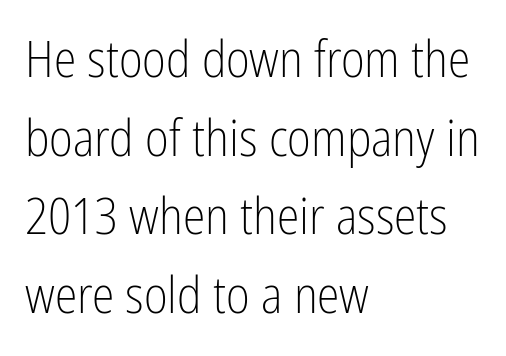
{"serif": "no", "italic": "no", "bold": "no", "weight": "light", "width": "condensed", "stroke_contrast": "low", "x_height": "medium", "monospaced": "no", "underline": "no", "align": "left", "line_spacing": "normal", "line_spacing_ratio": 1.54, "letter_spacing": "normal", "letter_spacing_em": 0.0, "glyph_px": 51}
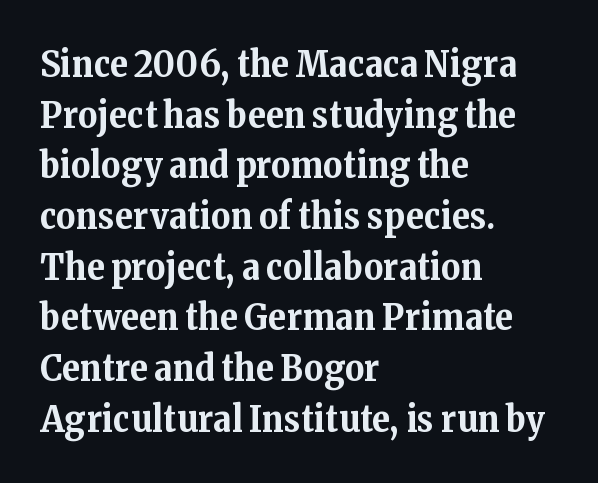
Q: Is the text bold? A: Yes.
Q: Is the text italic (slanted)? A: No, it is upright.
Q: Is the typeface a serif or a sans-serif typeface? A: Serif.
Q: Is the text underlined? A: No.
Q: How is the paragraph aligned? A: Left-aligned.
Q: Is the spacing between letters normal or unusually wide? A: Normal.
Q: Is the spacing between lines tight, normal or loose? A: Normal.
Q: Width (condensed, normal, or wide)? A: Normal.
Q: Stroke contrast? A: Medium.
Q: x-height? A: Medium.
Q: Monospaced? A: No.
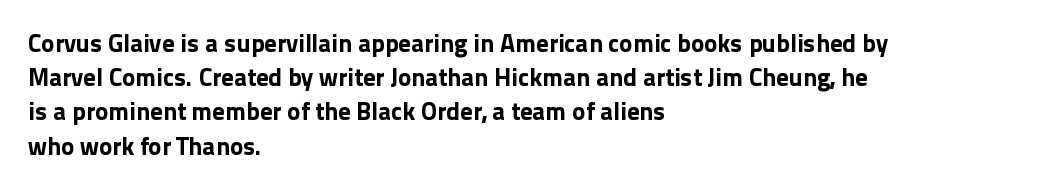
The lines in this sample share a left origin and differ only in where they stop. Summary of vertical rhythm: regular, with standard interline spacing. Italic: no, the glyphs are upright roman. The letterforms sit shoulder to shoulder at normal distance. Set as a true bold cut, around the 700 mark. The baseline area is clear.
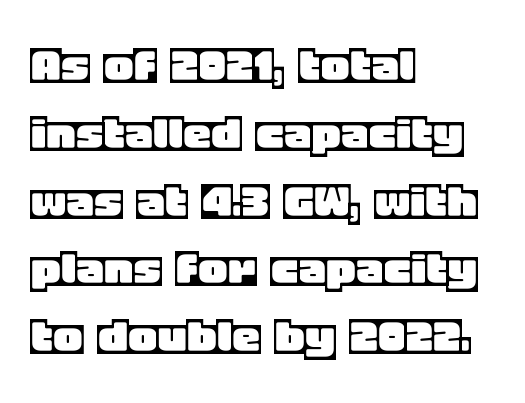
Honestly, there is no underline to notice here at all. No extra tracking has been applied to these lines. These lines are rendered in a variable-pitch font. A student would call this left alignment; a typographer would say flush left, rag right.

* * * * *

An exact transcript of the listing is needed, free of pictures.

Answer:
{"serif": "no", "italic": "no", "bold": "no", "weight": "light", "width": "condensed", "stroke_contrast": "low", "x_height": "medium", "monospaced": "no", "underline": "no", "align": "left", "line_spacing": "normal", "line_spacing_ratio": 1.54, "letter_spacing": "normal", "letter_spacing_em": 0.0, "glyph_px": 51}
Q: Is the text bold? A: Yes.
Q: Is the text italic (slanted)? A: No, it is upright.
Q: Is the typeface a serif or a sans-serif typeface? A: Serif.
Q: Is the text underlined? A: No.
Q: How is the paragraph aligned? A: Left-aligned.
Q: Is the spacing between letters normal or unusually wide? A: Normal.
Q: Is the spacing between lines tight, normal or loose? A: Normal.
Q: Width (condensed, normal, or wide)? A: Normal.
Q: Stroke contrast? A: Medium.
Q: x-height? A: Medium.
Q: Monospaced? A: No.
The lines in this sample share a left origin and differ only in where they stop. Summary of vertical rhythm: regular, with standard interline spacing. Italic: no, the glyphs are upright roman. The letterforms sit shoulder to shoulder at normal distance. Set as a true bold cut, around the 700 mark. The baseline area is clear.
Honestly, there is no underline to notice here at all. No extra tracking has been applied to these lines. These lines are rendered in a variable-pitch font. A student would call this left alignment; a typographer would say flush left, rag right.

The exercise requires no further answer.